Pemeriksaan penunjang yang dilakukan dapat berupa foto polos leher dan dada, yang mana sering memberikan gambaran pembengkakan jaringan lunak, adanya gas, dan penyempitan jalan napas.(3) Pemeriksaan CT-Scan memberikan gambaran pembengkakan jaringan lunak, adanya gas, akumulasi cairan, dan juga dapat sangat membantu untuk memutuskan kapan dibutuhkannya pernapasan bantuan.(3,4) Selain itu foto panoramik rahang dapat membantu untuk menentukan tempat fokal infeksinya.(3)

Pemeriksaan Penunjang.

- Pemeriksaan Laboratorium darah tampak leukositosis yang mengindikasikan adanya infeksi akut. Pemeriksaan waktu bekuan darah penting untuk dilakukan tindakan insisi drainase.

- Pemeriksaan kultur dan sensitivitas untuk menentukan pemilihan antibiotik dalam terapi.

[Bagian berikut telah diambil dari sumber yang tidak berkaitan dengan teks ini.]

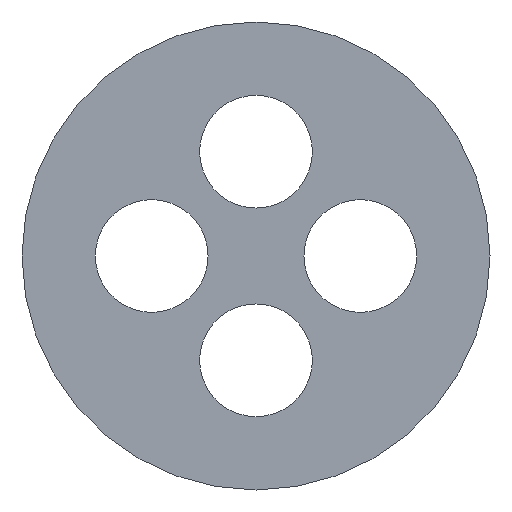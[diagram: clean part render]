
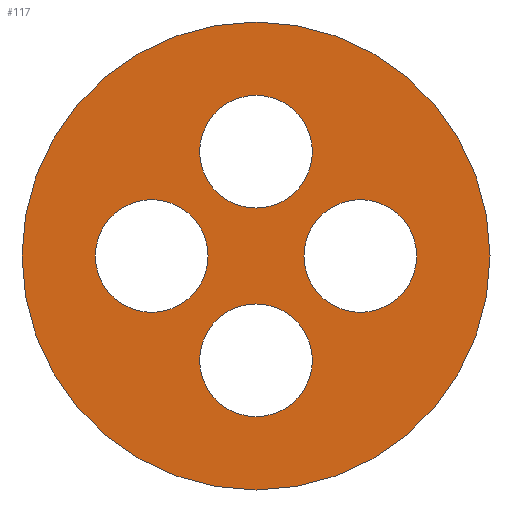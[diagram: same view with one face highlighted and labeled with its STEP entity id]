
A CAD part, left-side view. The second image highlights one B-rep face of the part: STEP entity #117.
In plain terms, the highlighted planar face has unit normal (-1, 0, 0).
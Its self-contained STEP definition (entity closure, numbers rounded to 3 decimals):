
#117 = ADVANCED_FACE( '', ( #241, #242, #243, #244, #245 ), #246, .F. );
#241 = FACE_BOUND( '', #362, .T. );
#242 = FACE_BOUND( '', #363, .T. );
#243 = FACE_BOUND( '', #364, .T. );
#244 = FACE_BOUND( '', #365, .T. );
#245 = FACE_OUTER_BOUND( '', #366, .T. );
#246 = PLANE( '', #367 );
#362 = EDGE_LOOP( '', ( #647 ) );
#363 = EDGE_LOOP( '', ( #648 ) );
#364 = EDGE_LOOP( '', ( #649 ) );
#365 = EDGE_LOOP( '', ( #650 ) );
#366 = EDGE_LOOP( '', ( #651 ) );
#367 = AXIS2_PLACEMENT_3D( '', #652, #653, #654 );
#647 = ORIENTED_EDGE( '', *, *, #765, .T. );
#648 = ORIENTED_EDGE( '', *, *, #782, .T. );
#649 = ORIENTED_EDGE( '', *, *, #747, .T. );
#650 = ORIENTED_EDGE( '', *, *, #753, .T. );
#651 = ORIENTED_EDGE( '', *, *, #768, .F. );
#652 = CARTESIAN_POINT( '', ( 0., 0., 0. ) );
#653 = DIRECTION( '', ( 1., 0., 0. ) );
#654 = DIRECTION( '', ( 0., 0., -1. ) );
#747 = EDGE_CURVE( '', #909, #909, #910, .T. );
#753 = EDGE_CURVE( '', #917, #917, #918, .T. );
#765 = EDGE_CURVE( '', #933, #933, #934, .T. );
#768 = EDGE_CURVE( '', #938, #938, #939, .T. );
#782 = EDGE_CURVE( '', #954, #954, #955, .T. );
#909 = VERTEX_POINT( '', #1124 );
#910 = CIRCLE( '', #1125, 2. );
#917 = VERTEX_POINT( '', #1133 );
#918 = CIRCLE( '', #1134, 2. );
#933 = VERTEX_POINT( '', #1154 );
#934 = CIRCLE( '', #1155, 2. );
#938 = VERTEX_POINT( '', #1159 );
#939 = CIRCLE( '', #1160, 8.3 );
#954 = VERTEX_POINT( '', #1179 );
#955 = CIRCLE( '', #1180, 2. );
#1124 = CARTESIAN_POINT( '', ( 0., 3.7, -2. ) );
#1125 = AXIS2_PLACEMENT_3D( '', #1289, #1290, #1291 );
#1133 = CARTESIAN_POINT( '', ( 0., 0., -5.7 ) );
#1134 = AXIS2_PLACEMENT_3D( '', #1296, #1297, #1298 );
#1154 = CARTESIAN_POINT( '', ( 0., 0., 1.7 ) );
#1155 = AXIS2_PLACEMENT_3D( '', #1307, #1308, #1309 );
#1159 = CARTESIAN_POINT( '', ( 0., 0., -8.3 ) );
#1160 = AXIS2_PLACEMENT_3D( '', #1313, #1314, #1315 );
#1179 = CARTESIAN_POINT( '', ( 0., -3.7, -2. ) );
#1180 = AXIS2_PLACEMENT_3D( '', #1323, #1324, #1325 );
#1289 = CARTESIAN_POINT( '', ( 0., 3.7, 0. ) );
#1290 = DIRECTION( '', ( 1., 0., 0. ) );
#1291 = DIRECTION( '', ( 0., 0., -1. ) );
#1296 = CARTESIAN_POINT( '', ( 0., 0., -3.7 ) );
#1297 = DIRECTION( '', ( 1., 0., 0. ) );
#1298 = DIRECTION( '', ( 0., 0., -1. ) );
#1307 = CARTESIAN_POINT( '', ( 0., 0., 3.7 ) );
#1308 = DIRECTION( '', ( 1., 0., 0. ) );
#1309 = DIRECTION( '', ( 0., 0., -1. ) );
#1313 = CARTESIAN_POINT( '', ( 0., 0., 0. ) );
#1314 = DIRECTION( '', ( 1., 0., 0. ) );
#1315 = DIRECTION( '', ( 0., 0., -1. ) );
#1323 = CARTESIAN_POINT( '', ( 0., -3.7, 0. ) );
#1324 = DIRECTION( '', ( 1., 0., 0. ) );
#1325 = DIRECTION( '', ( 0., 0., -1. ) );

- Foto x-ray posisi lateral untuk mengidentifikasi adanya pembengkakan jaringan lunak dan menyingkirkan kemungkinan penyebab lain adanya obstruksi jalan nafas.

- Foto panoramik berguna untuk mengidentifikasi lokasi abses serta struktur tulang yang terlibat infeksi.

- CT-scan

8. DIAGNOSIS BANDING

Diagnosa banding dari angina Ludwig adalah : karsinoma lingua, sublingual hematoma, abses glandula salivatorius, limfadenitis, dan peritonsilar abses.(3)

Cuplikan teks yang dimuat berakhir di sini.